Sosthène Yaméogo, ancien enseignant et chef d’orchestre de 62 ans à l’université Joseph Ki-Zerbo de Ouagadougou, arrêté à son domicile le 31 janvier 2026 par des hommes armés.
Selon certaines informations, les hommes auraient forcé l’entrée de son domicile vers 6 heures du matin et l’auraient emmené sous les yeux de sa famille. Au moment où nous écrivons ces lignes, les autorités n’ont publié aucune déclaration officielle concernant les raisons de son arrestation ou son lieu de détention.
Avant son arrestation, M. Yaméogo, figure éminente de la scène culturelle burkinabè, avait publiquement exprimé ses inquiétudes quant à sa situation administrative. Il avait déclaré ne pas avoir reçu sa pension depuis plus de deux ans, malgré des recours administratifs et judiciaires infructueux.
Frustré, Yaméogo a critiqué les autorités sur les réseaux sociaux, exprimant son mécontentement et dénonçant les défaillances de l’administration publique burkinabè. Dans une autre vidéo, il a précisé qu’il n’appartenait à aucun parti politique ni mouvement d’opposition et a déclaré qu’il s’exprimait uniquement à titre individuel, de manière non partisane, pour défendre ses droits.
Au Burkina Faso, des cas de personnes arrêtées ou emmenées par les forces de sécurité sans que leur statut soit immédiatement clarifié ont déjà été signalés.

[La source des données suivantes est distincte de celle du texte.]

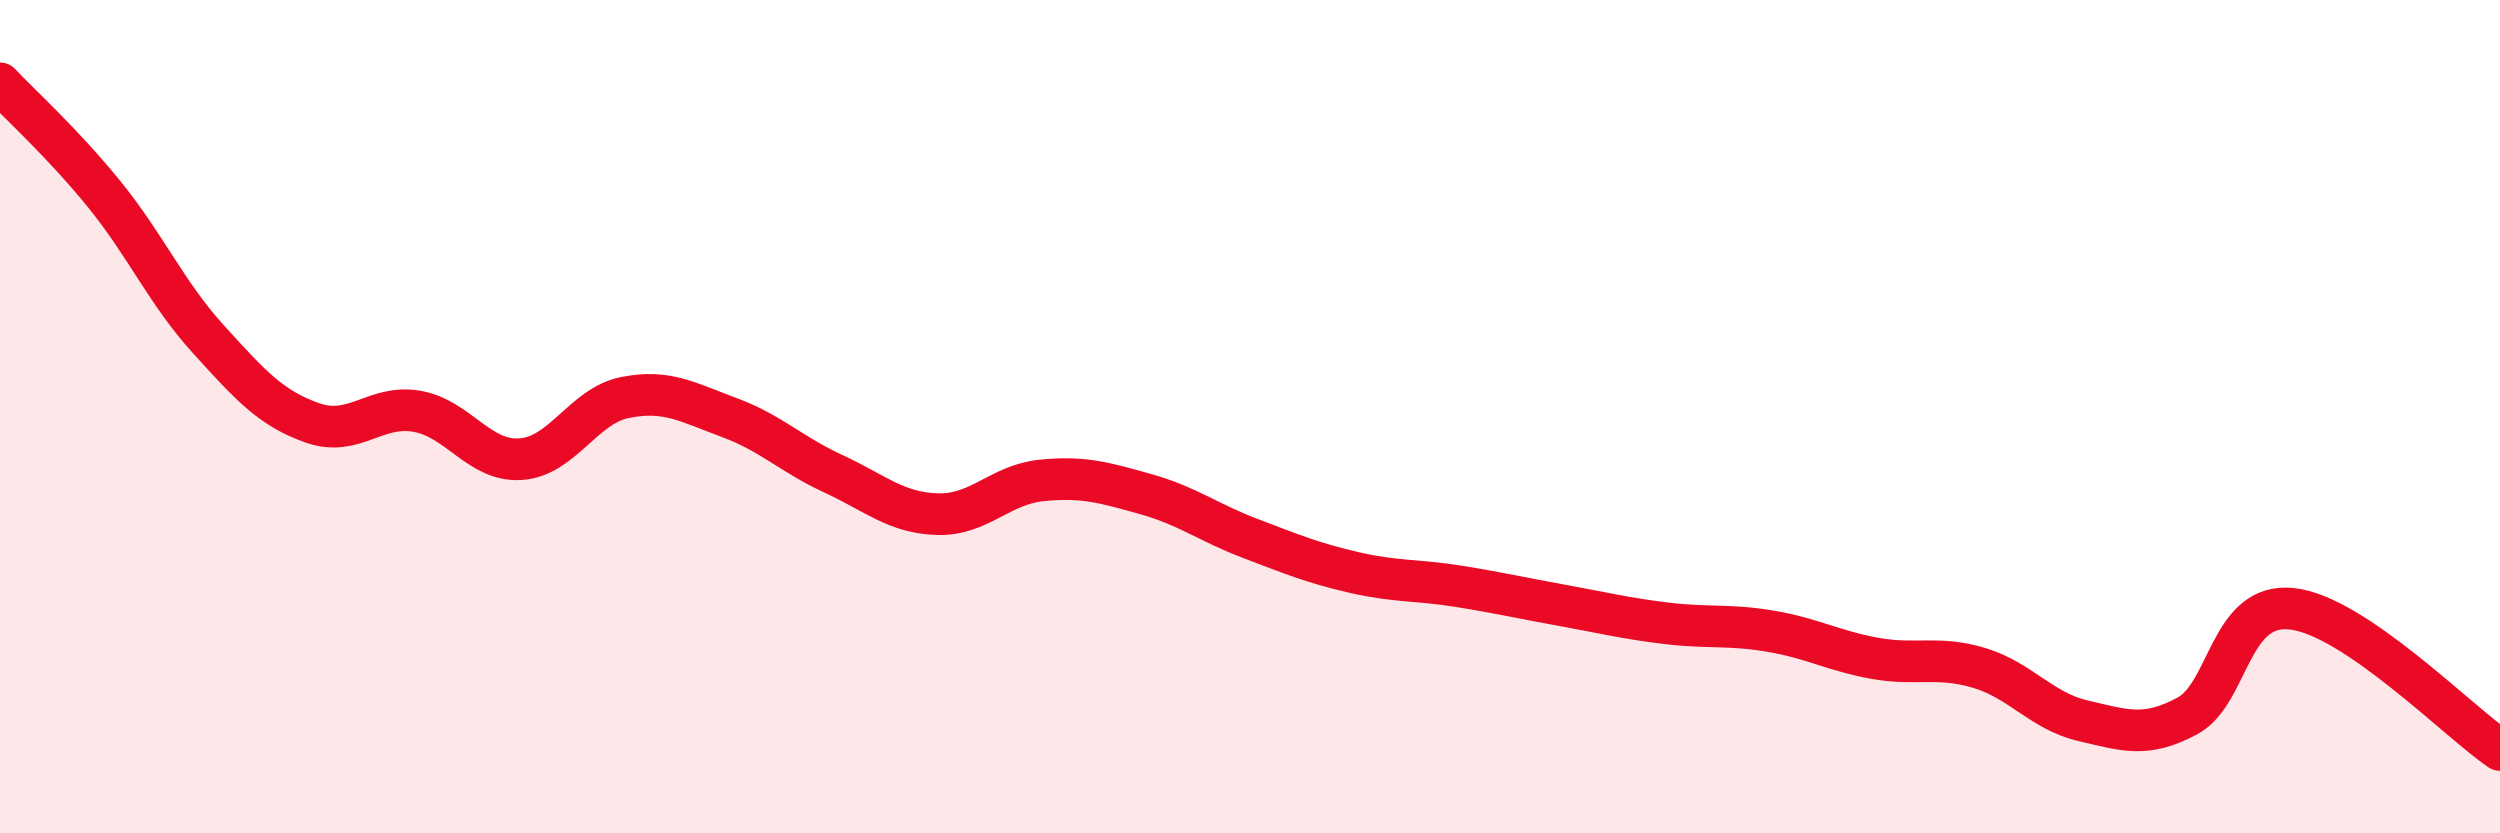 
    <svg width="60" height="20" viewBox="0 0 60 20" xmlns="http://www.w3.org/2000/svg">
      <path
        d="M 0,2 C 0.5,2.53 1.5,3.43 2.5,4.66 C 3.5,5.89 4,7.04 5,8.14 C 6,9.24 6.5,9.8 7.5,10.15 C 8.5,10.5 9,9.7 10,9.87 C 11,10.04 11.5,11.09 12.5,11.02 C 13.5,10.95 14,9.74 15,9.54 C 16,9.34 16.5,9.65 17.5,10.02 C 18.5,10.39 19,10.91 20,11.37 C 21,11.83 21.5,12.31 22.5,12.34 C 23.5,12.37 24,11.63 25,11.53 C 26,11.43 26.5,11.58 27.5,11.86 C 28.5,12.14 29,12.54 30,12.92 C 31,13.3 31.5,13.51 32.5,13.74 C 33.5,13.97 34,13.91 35,14.07 C 36,14.23 36.5,14.35 37.5,14.53 C 38.5,14.71 39,14.84 40,14.96 C 41,15.08 41.5,14.98 42.5,15.15 C 43.5,15.32 44,15.62 45,15.8 C 46,15.98 46.5,15.73 47.5,16.03 C 48.5,16.33 49,17.07 50,17.3 C 51,17.53 51.5,17.72 52.5,17.18 C 53.5,16.64 53.5,14.45 55,14.61 C 56.5,14.77 59,17.32 60,18L60 20L0 20Z"
        fill="#EB0A25"
        opacity="0.1"
        stroke-linecap="round"
        stroke-linejoin="round"
      />
      <path
        d="M 0,2 C 0.5,2.53 1.5,3.43 2.5,4.66 C 3.5,5.89 4,7.04 5,8.14 C 6,9.24 6.5,9.8 7.5,10.15 C 8.5,10.5 9,9.7 10,9.87 C 11,10.04 11.5,11.09 12.5,11.02 C 13.5,10.95 14,9.74 15,9.54 C 16,9.34 16.5,9.65 17.5,10.02 C 18.5,10.39 19,10.91 20,11.37 C 21,11.83 21.5,12.31 22.5,12.34 C 23.5,12.37 24,11.63 25,11.53 C 26,11.43 26.5,11.58 27.5,11.86 C 28.5,12.14 29,12.54 30,12.92 C 31,13.3 31.5,13.51 32.5,13.74 C 33.5,13.97 34,13.91 35,14.07 C 36,14.23 36.5,14.35 37.5,14.53 C 38.5,14.71 39,14.84 40,14.96 C 41,15.08 41.5,14.98 42.5,15.15 C 43.5,15.32 44,15.62 45,15.8 C 46,15.98 46.5,15.73 47.5,16.03 C 48.5,16.33 49,17.07 50,17.3 C 51,17.53 51.5,17.72 52.5,17.18 C 53.5,16.64 53.5,14.45 55,14.61 C 56.5,14.77 59,17.32 60,18"
        stroke="#EB0A25"
        stroke-width="1"
        fill="none"
        stroke-linecap="round"
        stroke-linejoin="round"
      />
    </svg>

Depuis la prise de pouvoir par l’armée le 30 septembre 2022, des groupes de la société civile ont fait part de leurs inquiétudes concernant des cas d’activistes et de journalistes qui ont été enrôlés de force après leur disparition.
La Fondation des médias pour l’Afrique de l’Ouest (MFWA) rappelle que l’article 3 de la Constitution du Burkina Faso stipule que nul ne peut être privé de sa liberté, saufpour des faits prévus et punis par la loi. L’article 4 garantit le droit à un procès équitable et à une représentation juridique, tandis que l’article 6 protège l’inviolabilité du domicile, sauf dans les formes et dans les cas prévus par la loi.
La MFWA appelle les autorités burkinabè à clarifier sans délai le fondement juridique de l’arrestation de Sosthène Yaméogo, à divulguer son lieu de détention et à veiller à ce que ses droits fondamentaux soient pleinement respectés, notamment son droit à l’assistance d’un avocat et à un procès équitable.